Records excerpted from a collection:
◇ ◇ ◇
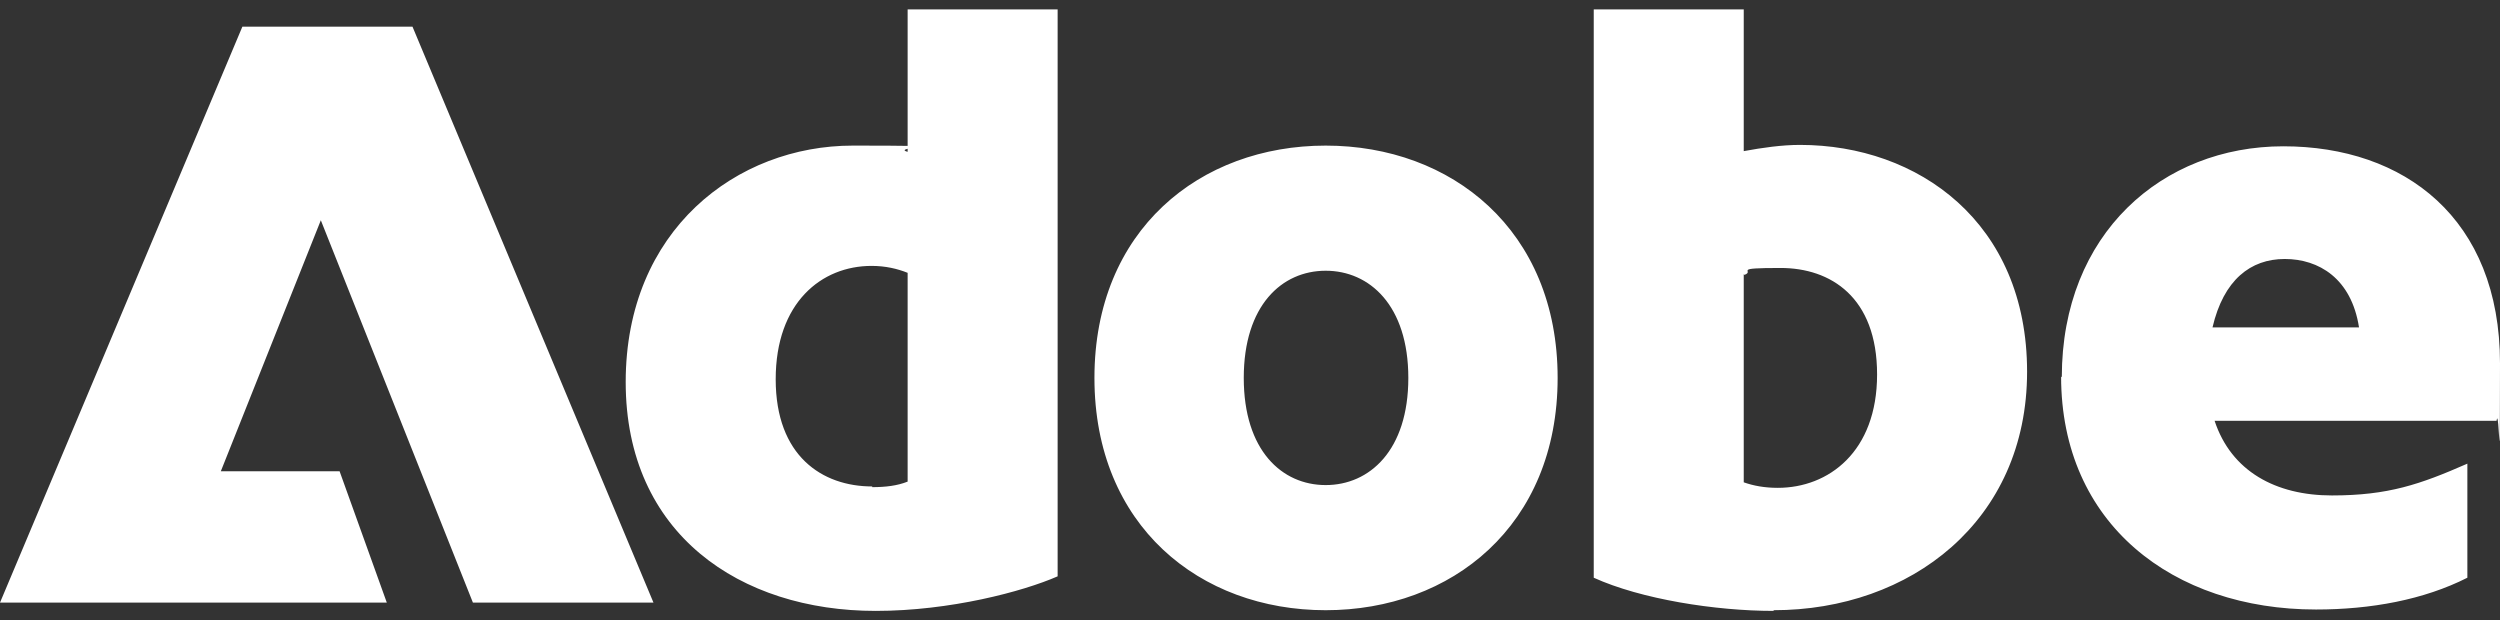 <?xml version="1.0" encoding="UTF-8"?>
<svg xmlns="http://www.w3.org/2000/svg" width="133" height="33" viewBox="0 0 133 33" fill="none">
  <rect x="0" y="0" width="133" height="33" fill="#333333" stroke="none"/>
  <g clip-path="url(#clip0_757_1252)">
    <path d="M0 32.059L12.894 1.42H21.945L34.765 32.059H25.159L17.068 11.718L11.748 25.07H18.066L20.578 32.059H0ZM46.587 32.5C39.383 32.5 33.287 28.417 33.287 20.325C33.287 12.233 39.198 7.746 45.368 7.746C51.538 7.746 47.289 7.82 48.286 8.077V0.5H56.266V30.661C54.419 31.47 50.54 32.5 46.587 32.5ZM46.402 25.916C47.104 25.916 47.732 25.843 48.286 25.622V14.514C47.732 14.293 47.104 14.146 46.365 14.146C43.705 14.146 41.267 16.095 41.267 20.178C41.267 24.261 43.742 25.879 46.402 25.879V25.916ZM70.527 32.463C63.84 32.463 58.224 27.976 58.224 20.105C58.224 12.233 63.84 7.746 70.527 7.746C77.214 7.746 82.866 12.233 82.866 20.105C82.866 27.976 77.214 32.463 70.527 32.463ZM70.527 25.806C72.854 25.806 74.923 23.967 74.923 20.105C74.923 16.242 72.854 14.403 70.527 14.403C68.199 14.403 66.168 16.242 66.168 20.105C66.168 23.967 68.199 25.806 70.527 25.806ZM94.356 32.5C91.253 32.5 87.3 31.875 84.787 30.735V0.5H92.767V8.04C93.765 7.856 94.799 7.709 95.76 7.709C102.041 7.709 107.841 11.829 107.841 19.774C107.841 27.718 101.634 32.463 94.356 32.463V32.5ZM92.767 14.587V25.659C93.285 25.843 93.876 25.953 94.578 25.953C97.275 25.953 99.861 24.04 99.861 19.921C99.861 15.801 97.386 14.256 94.725 14.256C92.066 14.256 93.396 14.403 92.804 14.624L92.767 14.587ZM109.688 20.068C109.688 12.417 115.045 7.783 121.473 7.783C127.902 7.783 133 11.608 133 19.332C133 27.056 132.963 21.392 132.815 22.385H117.816C118.702 25.07 121.067 26.358 124.059 26.358C127.052 26.358 128.751 25.769 131.264 24.666V30.735C128.936 31.912 126.128 32.426 123.21 32.426C115.599 32.426 109.651 27.866 109.651 20.031L109.688 20.068ZM117.705 17.419H125.5C125.094 14.808 123.357 13.778 121.547 13.778C119.737 13.778 118.296 14.882 117.705 17.419Z" fill="white"></path>
  </g>
  <defs>
    <clipPath id="clip0_757_1252">
      <rect width="133" height="32" fill="white" transform="translate(0 0.5)"></rect>
    </clipPath>
  </defs>
</svg>
◇ ◇ ◇
BRIEF: Print every entry above again without changing a word, and omit the pictures.

SOLUTION FOR THIS PROBLEM:
 <?xml version="1.0" encoding="UTF-8"?>
<svg xmlns="http://www.w3.org/2000/svg" width="133" height="33" viewBox="0 0 133 33" fill="none">
  <rect x="0" y="0" width="133" height="33" fill="#333333" stroke="none"/>
  <g clip-path="url(#clip0_757_1252)">
    <path d="M0 32.059L12.894 1.42H21.945L34.765 32.059H25.159L17.068 11.718L11.748 25.07H18.066L20.578 32.059H0ZM46.587 32.5C39.383 32.5 33.287 28.417 33.287 20.325C33.287 12.233 39.198 7.746 45.368 7.746C51.538 7.746 47.289 7.82 48.286 8.077V0.5H56.266V30.661C54.419 31.47 50.54 32.5 46.587 32.5ZM46.402 25.916C47.104 25.916 47.732 25.843 48.286 25.622V14.514C47.732 14.293 47.104 14.146 46.365 14.146C43.705 14.146 41.267 16.095 41.267 20.178C41.267 24.261 43.742 25.879 46.402 25.879V25.916ZM70.527 32.463C63.84 32.463 58.224 27.976 58.224 20.105C58.224 12.233 63.84 7.746 70.527 7.746C77.214 7.746 82.866 12.233 82.866 20.105C82.866 27.976 77.214 32.463 70.527 32.463ZM70.527 25.806C72.854 25.806 74.923 23.967 74.923 20.105C74.923 16.242 72.854 14.403 70.527 14.403C68.199 14.403 66.168 16.242 66.168 20.105C66.168 23.967 68.199 25.806 70.527 25.806ZM94.356 32.5C91.253 32.5 87.3 31.875 84.787 30.735V0.5H92.767V8.04C93.765 7.856 94.799 7.709 95.76 7.709C102.041 7.709 107.841 11.829 107.841 19.774C107.841 27.718 101.634 32.463 94.356 32.463V32.5ZM92.767 14.587V25.659C93.285 25.843 93.876 25.953 94.578 25.953C97.275 25.953 99.861 24.04 99.861 19.921C99.861 15.801 97.386 14.256 94.725 14.256C92.066 14.256 93.396 14.403 92.804 14.624L92.767 14.587ZM109.688 20.068C109.688 12.417 115.045 7.783 121.473 7.783C127.902 7.783 133 11.608 133 19.332C133 27.056 132.963 21.392 132.815 22.385H117.816C118.702 25.07 121.067 26.358 124.059 26.358C127.052 26.358 128.751 25.769 131.264 24.666V30.735C128.936 31.912 126.128 32.426 123.21 32.426C115.599 32.426 109.651 27.866 109.651 20.031L109.688 20.068ZM117.705 17.419H125.5C125.094 14.808 123.357 13.778 121.547 13.778C119.737 13.778 118.296 14.882 117.705 17.419Z" fill="white"></path>
  </g>
  <defs>
    <clipPath id="clip0_757_1252">
      <rect width="133" height="32" fill="white" transform="translate(0 0.5)"></rect>
    </clipPath>
  </defs>
</svg>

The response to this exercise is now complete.